Thanks everyone. Yes he is a great guy. He refuses anything in return but I'll pay him back one way or another. We are very happy with his work.


----------



## Minnesotamaker (Mar 8, 2011)

Catfish said:


> Thanks everyone. Yes he is a great guy. He refuses anything in return but I'll pay him back one way or another. We are very happy with his work.

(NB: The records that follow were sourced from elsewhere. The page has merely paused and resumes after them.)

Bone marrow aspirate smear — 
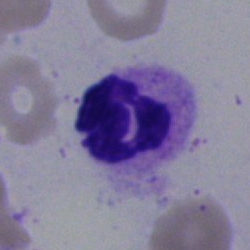 Morphology consistent with a segmented neutrophil.
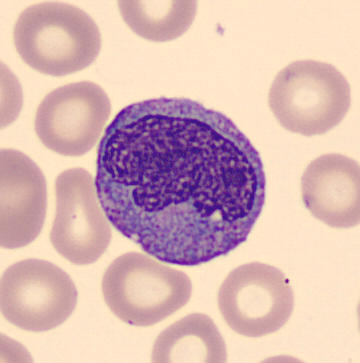

Identified as a monocyte.

Preparation: May Grünwald-Giemsa stain · peripheral blood smear.
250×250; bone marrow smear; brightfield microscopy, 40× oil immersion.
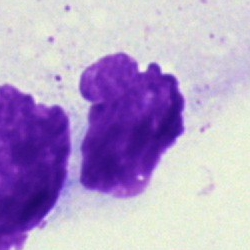Single cell identified as an artifact.
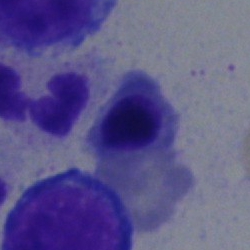Q: What is shown here?
A: It is a nucleated red blood cell.
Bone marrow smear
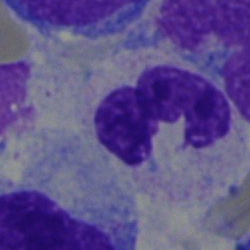
{"cell_type": "segmented neutrophil"}
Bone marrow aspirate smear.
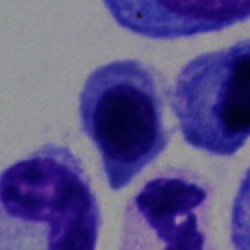 Morphology consistent with a nucleated red cell.
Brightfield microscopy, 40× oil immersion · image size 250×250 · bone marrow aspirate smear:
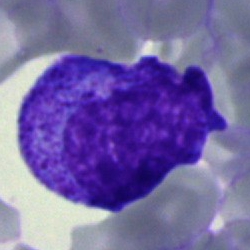 Q: What cell is this?
A: A promyelocyte.
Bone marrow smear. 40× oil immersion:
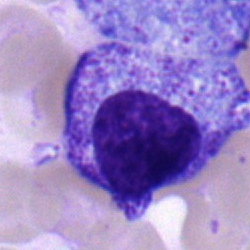 Specimen: bone marrow aspirate smear.
Classification: myelocyte.
Lineage: myeloid.
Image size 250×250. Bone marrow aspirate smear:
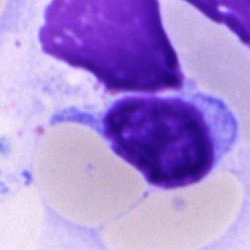
A lymphocyte.
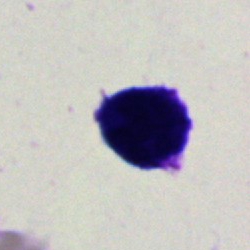 Morphology → artifact.
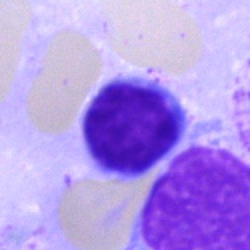Lymphocyte.
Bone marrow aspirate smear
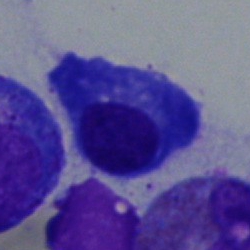

Q: What is the morphological classification of this cell?
A: Plasma cell.
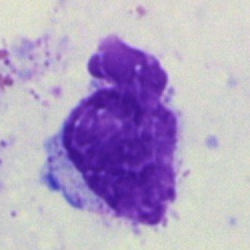 Morphology consistent with an artefact.
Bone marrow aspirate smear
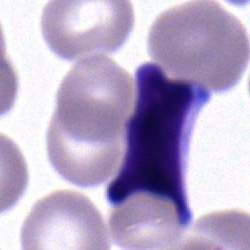Single cell identified as a lymphocyte.
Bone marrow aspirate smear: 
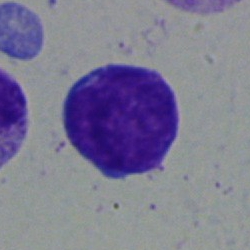 Morphological class — typical lymphocyte.
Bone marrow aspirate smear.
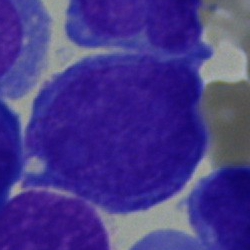

Specimen: bone marrow aspirate smear.
Classification: blast.

You'll have to name your first child "Goodfella". Hope it's a boy.


----------



## mxsteve625 (Mar 9, 2011)

That is a really cool label. I like the fish hook and ring. Congrates and enjoy your wedding. There is nothing better than making homemade wine for weddings. I did that for my daughters wedding. Many other folks on this forum did the same thing with GREAT results.


----------



## Catfish (Mar 9, 2011)

Thank you.


The picture with the hook and ring and Mississippi River in the background is actually one of the pictures the photographer took during our engagement pictures. Worked out good.


----------



## Catfish (Mar 30, 2011)

Seems like everyone enjoyed the wine at the reception. They really liked the label. When we cleaned up after the reception there wasn't a bottle on any tables. They cleaned house.


----------



## jtstar (Mar 31, 2011)

congrat on the wedding that is a very good looking lable and I would guess it was a very good wine also


----------